TASK BRIEF. When you copy the records, keep every word exact and leave the pictures out.

Records from a data source:
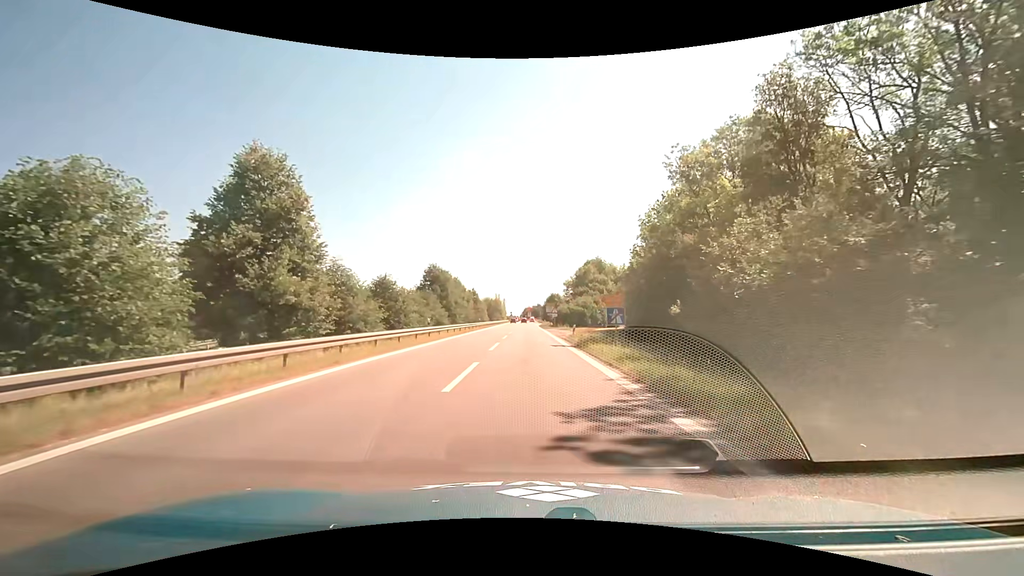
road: motorway_link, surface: asphalt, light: Day
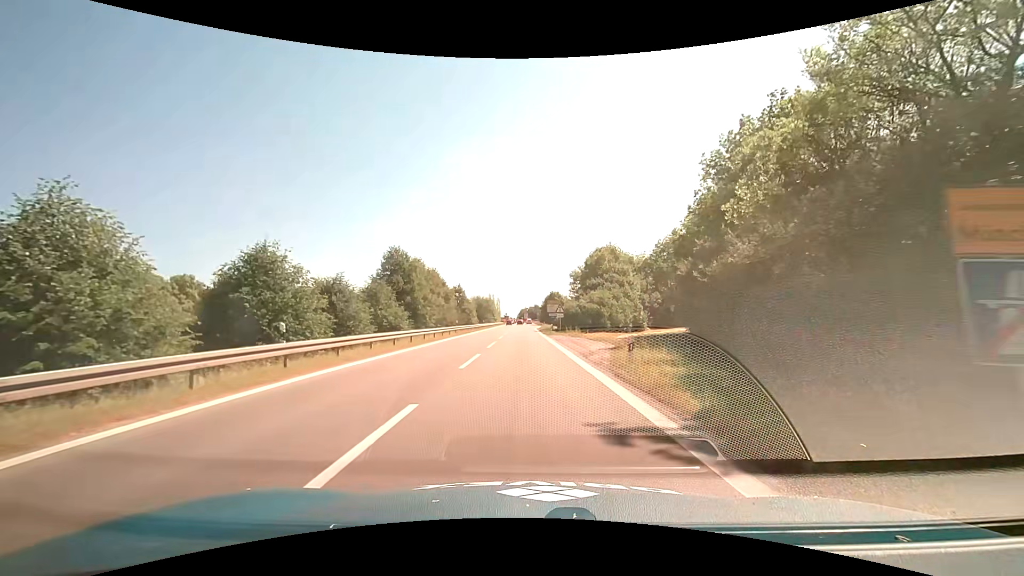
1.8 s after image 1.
(+0.1, +19.2) m; 0°
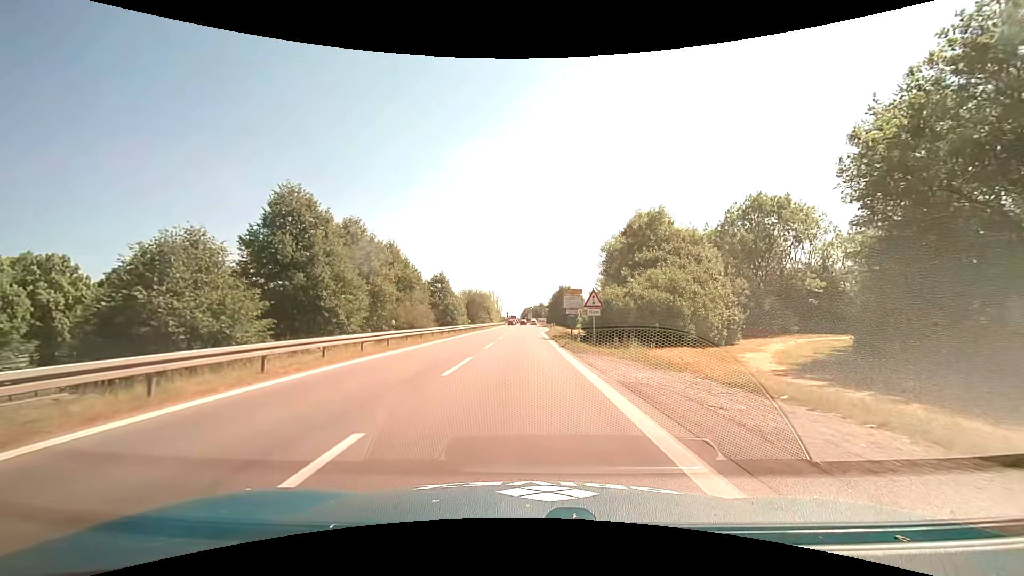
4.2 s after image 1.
(0.0, +25.0) m; 0°
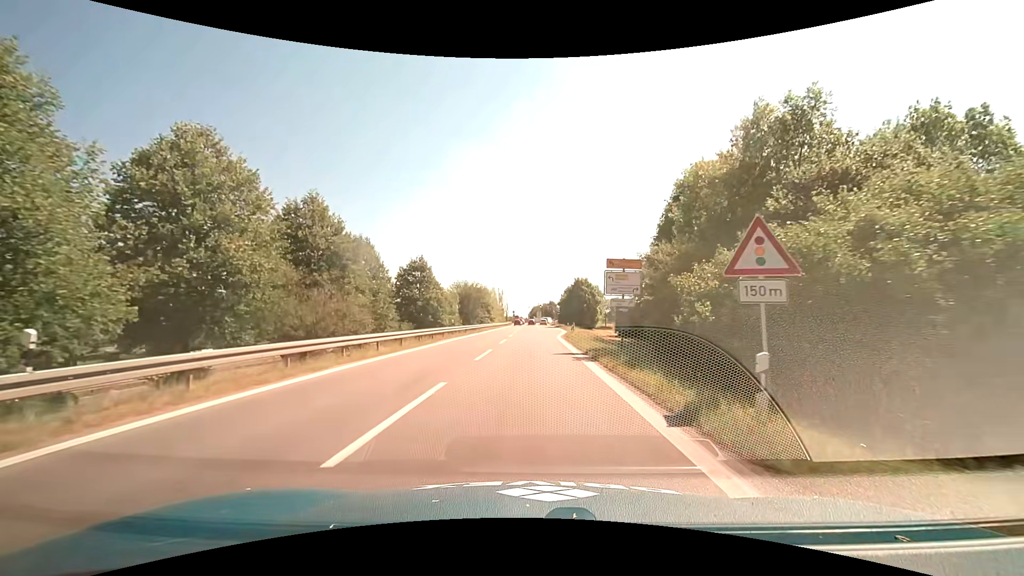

SOLUTION FOR THIS EXERCISE.
road: motorway_link, surface: asphalt, light: Day
1.8 s after image 1.
(+0.1, +19.2) m; 0°
4.2 s after image 1.
(0.0, +25.0) m; 0°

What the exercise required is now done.